• **Task directions**
Report every line in the records below that holds the word "entre".

[Extracted records]

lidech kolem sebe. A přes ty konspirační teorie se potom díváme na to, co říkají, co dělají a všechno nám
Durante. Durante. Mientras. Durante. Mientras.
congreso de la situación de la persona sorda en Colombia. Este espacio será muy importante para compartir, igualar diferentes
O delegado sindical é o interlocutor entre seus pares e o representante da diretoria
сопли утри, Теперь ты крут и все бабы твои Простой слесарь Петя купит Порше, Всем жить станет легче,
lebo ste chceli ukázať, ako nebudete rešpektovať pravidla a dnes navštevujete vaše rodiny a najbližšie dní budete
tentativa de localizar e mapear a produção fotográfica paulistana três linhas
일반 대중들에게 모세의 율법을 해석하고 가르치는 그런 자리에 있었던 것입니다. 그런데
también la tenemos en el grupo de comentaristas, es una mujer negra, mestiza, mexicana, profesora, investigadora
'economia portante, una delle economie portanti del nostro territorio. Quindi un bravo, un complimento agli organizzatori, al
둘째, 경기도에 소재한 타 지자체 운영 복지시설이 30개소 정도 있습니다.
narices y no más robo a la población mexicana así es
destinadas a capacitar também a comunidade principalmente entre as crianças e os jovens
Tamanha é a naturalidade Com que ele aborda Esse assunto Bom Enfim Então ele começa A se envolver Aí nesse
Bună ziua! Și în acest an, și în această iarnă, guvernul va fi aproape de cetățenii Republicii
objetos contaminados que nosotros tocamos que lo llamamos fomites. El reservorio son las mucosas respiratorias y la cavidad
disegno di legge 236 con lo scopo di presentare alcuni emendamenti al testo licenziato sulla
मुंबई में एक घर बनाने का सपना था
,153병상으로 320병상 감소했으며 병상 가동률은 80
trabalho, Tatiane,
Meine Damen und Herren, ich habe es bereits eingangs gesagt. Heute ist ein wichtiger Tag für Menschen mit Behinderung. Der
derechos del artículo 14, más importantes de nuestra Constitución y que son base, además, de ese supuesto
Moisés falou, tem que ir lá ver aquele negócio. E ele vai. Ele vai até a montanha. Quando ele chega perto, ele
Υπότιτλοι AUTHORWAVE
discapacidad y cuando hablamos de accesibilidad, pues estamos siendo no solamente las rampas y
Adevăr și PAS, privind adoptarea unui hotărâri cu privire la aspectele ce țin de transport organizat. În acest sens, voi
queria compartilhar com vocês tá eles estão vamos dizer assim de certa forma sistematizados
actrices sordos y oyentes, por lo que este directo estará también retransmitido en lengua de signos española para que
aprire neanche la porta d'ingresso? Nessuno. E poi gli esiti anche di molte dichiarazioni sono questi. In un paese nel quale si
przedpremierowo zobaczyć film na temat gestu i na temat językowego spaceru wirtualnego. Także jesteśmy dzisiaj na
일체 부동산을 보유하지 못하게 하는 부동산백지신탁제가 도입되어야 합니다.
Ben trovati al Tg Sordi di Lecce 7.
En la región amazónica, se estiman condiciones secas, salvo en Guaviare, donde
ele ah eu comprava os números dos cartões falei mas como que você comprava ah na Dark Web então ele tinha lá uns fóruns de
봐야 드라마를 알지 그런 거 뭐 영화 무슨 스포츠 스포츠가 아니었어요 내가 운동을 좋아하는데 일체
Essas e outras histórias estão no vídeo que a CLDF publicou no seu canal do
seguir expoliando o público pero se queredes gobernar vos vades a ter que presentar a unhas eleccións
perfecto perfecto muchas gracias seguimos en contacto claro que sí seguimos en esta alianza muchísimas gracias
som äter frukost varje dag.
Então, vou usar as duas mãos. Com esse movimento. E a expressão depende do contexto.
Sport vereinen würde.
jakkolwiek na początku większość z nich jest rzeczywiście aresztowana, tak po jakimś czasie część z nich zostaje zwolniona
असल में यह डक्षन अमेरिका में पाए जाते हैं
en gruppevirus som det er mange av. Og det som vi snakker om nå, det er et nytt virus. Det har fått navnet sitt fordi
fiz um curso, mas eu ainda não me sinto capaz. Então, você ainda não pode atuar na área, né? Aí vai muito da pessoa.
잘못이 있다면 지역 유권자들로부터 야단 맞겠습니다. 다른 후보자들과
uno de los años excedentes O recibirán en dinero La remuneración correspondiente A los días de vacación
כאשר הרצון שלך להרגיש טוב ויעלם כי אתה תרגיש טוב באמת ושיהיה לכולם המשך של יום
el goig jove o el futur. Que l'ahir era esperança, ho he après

• **Answer area**
O delegado sindical é o interlocutor entre seus pares e o representante da diretoria
destinadas a capacitar também a comunidade principalmente entre as crianças e os jovens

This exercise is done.